Kadının biri, bir gün Halife Ömer r.a.’a gelerek dedi ki:
– Ey müminlerin emiri sana insanların en iyisini şikayete geldim. Öyle birisi ki, amelde onu geçen veya onun kadar amel eden kimse pek azdır. Geceleri sabaha kadar namaz kılar, gündüzleri de hep oruçla geçirir…
Bu sözlerden sonra utancından asıl demek istediğini diyemedi ve:
– Ey müminlerin emiri , beni bağışla, diyerek çekildi.
Hz. Ömer:- İyi iyi , Allah senden razı olsun. Sen adamını çok güzel halleriyle övdün; artık onun hakkında fazla bir şey söylemen de gerekmez, dedi.
Kadın çıkıp gittikten sonra, orada hazır bulunan sahabi Kaab b. Sûr r.a. dedi ki:
– Ey müminlerin emiri, kadın utanıp asıl şikayetini sana söyleyemedi.
– Kadının ne şikayeti varmış ki?
– Kadın kocasından, kocalık vazifelerini yerine getirmiyor diye şikayette bulunuyor, fakat bunu açıkça söyleyemiyor.

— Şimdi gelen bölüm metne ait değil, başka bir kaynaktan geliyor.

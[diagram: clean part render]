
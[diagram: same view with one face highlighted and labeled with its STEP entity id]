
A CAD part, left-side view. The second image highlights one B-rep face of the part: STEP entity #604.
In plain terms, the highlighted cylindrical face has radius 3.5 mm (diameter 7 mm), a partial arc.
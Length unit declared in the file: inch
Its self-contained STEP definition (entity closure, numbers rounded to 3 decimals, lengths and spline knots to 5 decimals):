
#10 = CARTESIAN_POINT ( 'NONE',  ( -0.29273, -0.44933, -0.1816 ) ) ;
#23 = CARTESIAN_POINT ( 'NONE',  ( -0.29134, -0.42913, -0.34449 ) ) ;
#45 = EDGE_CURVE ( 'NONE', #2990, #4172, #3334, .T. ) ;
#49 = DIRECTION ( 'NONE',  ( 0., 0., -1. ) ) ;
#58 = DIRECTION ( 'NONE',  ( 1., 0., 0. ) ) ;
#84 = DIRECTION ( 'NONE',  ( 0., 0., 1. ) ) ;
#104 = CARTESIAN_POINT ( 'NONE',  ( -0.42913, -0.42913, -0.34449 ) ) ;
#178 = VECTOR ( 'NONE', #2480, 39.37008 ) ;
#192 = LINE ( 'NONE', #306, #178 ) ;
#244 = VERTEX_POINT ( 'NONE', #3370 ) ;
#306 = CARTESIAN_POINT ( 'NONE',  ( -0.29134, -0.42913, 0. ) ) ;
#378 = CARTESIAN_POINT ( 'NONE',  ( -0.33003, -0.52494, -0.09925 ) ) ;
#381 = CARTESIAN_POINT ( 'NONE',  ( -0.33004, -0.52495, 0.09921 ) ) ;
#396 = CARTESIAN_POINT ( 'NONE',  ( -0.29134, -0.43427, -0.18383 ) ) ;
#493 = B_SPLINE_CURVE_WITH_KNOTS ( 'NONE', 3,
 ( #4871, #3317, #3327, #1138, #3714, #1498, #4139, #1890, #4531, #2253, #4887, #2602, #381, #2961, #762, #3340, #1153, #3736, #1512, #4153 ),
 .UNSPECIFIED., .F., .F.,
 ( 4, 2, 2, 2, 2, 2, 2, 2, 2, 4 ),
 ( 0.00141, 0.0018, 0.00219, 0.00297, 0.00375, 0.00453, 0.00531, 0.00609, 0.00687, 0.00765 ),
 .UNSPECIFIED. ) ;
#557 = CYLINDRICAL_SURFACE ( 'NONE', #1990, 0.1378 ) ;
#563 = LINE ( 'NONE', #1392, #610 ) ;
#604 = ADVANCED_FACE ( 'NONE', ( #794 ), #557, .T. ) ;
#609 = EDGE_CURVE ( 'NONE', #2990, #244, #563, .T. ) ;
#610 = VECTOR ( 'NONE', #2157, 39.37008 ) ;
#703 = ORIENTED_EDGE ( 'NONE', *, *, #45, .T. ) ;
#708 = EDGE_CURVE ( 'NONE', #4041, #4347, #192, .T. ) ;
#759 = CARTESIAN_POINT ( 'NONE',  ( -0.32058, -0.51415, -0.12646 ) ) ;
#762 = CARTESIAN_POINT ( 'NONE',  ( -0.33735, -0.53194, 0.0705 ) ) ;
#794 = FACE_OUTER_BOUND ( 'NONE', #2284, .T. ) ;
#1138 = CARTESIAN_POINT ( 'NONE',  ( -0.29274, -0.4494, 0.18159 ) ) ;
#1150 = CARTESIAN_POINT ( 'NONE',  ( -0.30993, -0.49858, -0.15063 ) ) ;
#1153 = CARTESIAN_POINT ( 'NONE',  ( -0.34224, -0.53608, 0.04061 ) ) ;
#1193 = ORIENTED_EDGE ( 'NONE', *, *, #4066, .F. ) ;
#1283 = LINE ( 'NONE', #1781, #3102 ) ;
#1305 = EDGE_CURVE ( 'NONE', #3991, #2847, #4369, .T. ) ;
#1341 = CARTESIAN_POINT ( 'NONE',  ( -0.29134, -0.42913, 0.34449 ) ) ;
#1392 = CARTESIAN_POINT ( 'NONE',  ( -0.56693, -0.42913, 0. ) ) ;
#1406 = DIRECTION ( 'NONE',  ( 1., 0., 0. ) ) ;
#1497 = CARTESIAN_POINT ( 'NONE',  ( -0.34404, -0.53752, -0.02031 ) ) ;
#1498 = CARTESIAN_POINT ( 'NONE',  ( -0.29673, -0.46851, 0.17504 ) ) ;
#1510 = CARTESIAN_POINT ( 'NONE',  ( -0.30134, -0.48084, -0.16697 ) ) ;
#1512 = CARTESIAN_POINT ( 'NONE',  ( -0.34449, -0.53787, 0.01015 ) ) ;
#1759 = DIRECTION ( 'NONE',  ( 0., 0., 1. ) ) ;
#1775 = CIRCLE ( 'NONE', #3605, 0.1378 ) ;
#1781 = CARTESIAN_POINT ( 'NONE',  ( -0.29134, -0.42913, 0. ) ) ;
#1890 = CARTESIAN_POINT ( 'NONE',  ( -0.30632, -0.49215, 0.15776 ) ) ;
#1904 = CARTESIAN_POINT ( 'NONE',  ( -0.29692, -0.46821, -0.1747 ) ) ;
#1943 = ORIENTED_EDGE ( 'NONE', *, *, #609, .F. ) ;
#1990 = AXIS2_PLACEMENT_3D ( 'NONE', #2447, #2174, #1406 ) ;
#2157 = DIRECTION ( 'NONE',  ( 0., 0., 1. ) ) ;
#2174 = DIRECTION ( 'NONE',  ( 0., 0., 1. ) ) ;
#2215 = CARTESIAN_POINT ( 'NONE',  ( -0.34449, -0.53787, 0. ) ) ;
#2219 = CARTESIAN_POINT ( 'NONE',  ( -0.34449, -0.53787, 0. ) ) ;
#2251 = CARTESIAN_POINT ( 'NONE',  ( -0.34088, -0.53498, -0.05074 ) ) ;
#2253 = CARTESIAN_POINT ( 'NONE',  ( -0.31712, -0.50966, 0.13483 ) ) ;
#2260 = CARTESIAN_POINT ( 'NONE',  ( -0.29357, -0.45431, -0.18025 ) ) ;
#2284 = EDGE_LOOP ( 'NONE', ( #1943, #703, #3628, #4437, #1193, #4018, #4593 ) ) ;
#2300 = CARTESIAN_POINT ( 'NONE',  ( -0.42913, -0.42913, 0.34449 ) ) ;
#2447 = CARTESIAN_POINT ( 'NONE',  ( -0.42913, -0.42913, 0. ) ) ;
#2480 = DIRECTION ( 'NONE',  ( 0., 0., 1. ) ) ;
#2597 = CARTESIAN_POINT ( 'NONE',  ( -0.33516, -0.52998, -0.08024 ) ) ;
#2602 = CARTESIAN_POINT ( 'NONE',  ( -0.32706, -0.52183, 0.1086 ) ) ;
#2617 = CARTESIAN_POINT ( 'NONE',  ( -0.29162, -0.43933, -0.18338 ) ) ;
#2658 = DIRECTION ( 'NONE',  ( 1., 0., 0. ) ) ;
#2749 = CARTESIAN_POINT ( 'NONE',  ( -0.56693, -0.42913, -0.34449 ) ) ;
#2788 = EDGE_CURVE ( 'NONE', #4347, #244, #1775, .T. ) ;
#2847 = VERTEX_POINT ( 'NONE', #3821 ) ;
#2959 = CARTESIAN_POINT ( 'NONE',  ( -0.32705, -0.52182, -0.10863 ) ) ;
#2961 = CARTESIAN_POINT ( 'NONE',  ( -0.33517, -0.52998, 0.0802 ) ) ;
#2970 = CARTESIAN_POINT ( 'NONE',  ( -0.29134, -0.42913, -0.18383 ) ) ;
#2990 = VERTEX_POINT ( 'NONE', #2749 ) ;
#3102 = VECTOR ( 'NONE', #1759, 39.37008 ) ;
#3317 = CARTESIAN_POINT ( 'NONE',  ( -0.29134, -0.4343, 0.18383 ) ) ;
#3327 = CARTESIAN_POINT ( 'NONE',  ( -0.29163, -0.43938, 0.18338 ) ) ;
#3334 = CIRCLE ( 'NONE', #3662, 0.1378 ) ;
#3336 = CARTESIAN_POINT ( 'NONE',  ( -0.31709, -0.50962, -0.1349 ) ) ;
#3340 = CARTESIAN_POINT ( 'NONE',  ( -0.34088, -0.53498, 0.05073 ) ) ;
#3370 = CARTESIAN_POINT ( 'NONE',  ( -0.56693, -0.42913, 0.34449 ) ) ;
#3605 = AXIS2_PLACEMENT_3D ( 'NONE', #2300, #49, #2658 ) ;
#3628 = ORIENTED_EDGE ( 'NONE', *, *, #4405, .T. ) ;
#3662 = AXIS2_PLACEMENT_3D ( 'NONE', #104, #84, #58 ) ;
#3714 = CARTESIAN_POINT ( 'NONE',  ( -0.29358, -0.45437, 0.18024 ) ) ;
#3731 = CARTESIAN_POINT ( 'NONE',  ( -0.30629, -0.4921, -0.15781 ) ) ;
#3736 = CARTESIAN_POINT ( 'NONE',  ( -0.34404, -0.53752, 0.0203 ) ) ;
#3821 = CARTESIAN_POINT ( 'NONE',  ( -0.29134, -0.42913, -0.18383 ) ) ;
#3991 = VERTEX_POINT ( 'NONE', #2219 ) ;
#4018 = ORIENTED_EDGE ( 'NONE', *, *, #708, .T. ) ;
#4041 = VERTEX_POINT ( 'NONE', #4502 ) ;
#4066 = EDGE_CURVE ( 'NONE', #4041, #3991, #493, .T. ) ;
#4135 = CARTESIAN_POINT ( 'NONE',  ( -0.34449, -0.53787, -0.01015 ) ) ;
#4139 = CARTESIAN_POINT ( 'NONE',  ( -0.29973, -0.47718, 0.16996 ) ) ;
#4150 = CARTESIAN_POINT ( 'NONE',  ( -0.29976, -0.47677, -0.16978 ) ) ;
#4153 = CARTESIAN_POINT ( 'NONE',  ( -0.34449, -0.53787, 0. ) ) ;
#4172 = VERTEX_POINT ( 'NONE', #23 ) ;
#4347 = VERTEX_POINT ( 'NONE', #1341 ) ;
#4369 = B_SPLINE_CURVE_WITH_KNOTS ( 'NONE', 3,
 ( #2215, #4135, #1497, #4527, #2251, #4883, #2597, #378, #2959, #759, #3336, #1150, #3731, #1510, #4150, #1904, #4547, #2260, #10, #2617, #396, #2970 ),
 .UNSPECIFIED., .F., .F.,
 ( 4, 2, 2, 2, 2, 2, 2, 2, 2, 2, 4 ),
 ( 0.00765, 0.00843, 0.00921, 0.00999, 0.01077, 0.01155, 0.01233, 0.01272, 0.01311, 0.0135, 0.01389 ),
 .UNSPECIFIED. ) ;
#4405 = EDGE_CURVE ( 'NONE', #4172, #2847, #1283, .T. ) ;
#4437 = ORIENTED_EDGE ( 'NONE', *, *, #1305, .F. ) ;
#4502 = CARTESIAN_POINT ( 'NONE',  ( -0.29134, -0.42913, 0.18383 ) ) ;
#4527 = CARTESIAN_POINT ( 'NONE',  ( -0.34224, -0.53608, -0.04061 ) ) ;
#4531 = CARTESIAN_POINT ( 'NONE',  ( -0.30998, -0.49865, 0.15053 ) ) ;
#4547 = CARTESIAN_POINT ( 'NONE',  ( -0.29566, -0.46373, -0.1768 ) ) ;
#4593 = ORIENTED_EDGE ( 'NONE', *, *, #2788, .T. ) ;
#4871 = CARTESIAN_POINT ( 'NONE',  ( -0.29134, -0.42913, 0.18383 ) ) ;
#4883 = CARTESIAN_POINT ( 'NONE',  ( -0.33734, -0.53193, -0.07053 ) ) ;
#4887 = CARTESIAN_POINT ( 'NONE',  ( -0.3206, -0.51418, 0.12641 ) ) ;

Hz. Ömer kadını geri çağırdı. Kocasına da haber gönderip yanına getirtti. Sonra Kaab b. Sûr’a :
– Bunlar arasında sen hakemlik et, diye teklif etti. Kaab :
– Sen buradayken ben nasıl hakemlik yapabilirim, dedi. Hz. Ömer r.a
– Benim anlayamadığım inceliği sen anladın. Bunun için onları dinleyip aralarında gereken hükmü vermek de senin hakkındır, dedi.
Bunun üzerine Kaab o adama dedi ki:
– Allah Tealâ erkeklere hitaben: “Sizin için helal ve hoş olan kadınlardan ikişer, üçer ve dörder olarak nikahlayın” (Nisâ, 3) diye buyurduğuna göre, en çok üç gün peşpeşe oruç tutabilirsin; dördüncü günü tutmamaman gerekir. En çok da üç sabaha kadar ibadet edebilirsin; dördüncü gece eşinle beraber olmalısın.
Hz. Ömer r.a. Kaab’ın bu ince anlayışını beğendi ve:
– Senin bu buluşun öteki buluşundan da güzelmiş, dedi. Bu isabetli hükmü çok beğenen halife onu Basra kadısı yaptı.
Kadıncağız şikayetinde: “Kocam geceleri hep ibadet eder, gündüzleri oruç tutar” deyince, maksadı farketmeyen Hz. Ömer: “Kocanı bunlardan men mi edeyim?” demişti.
Kaynak: İbn Saad , et- Tabakâtü’l – Kebîr , 9/91.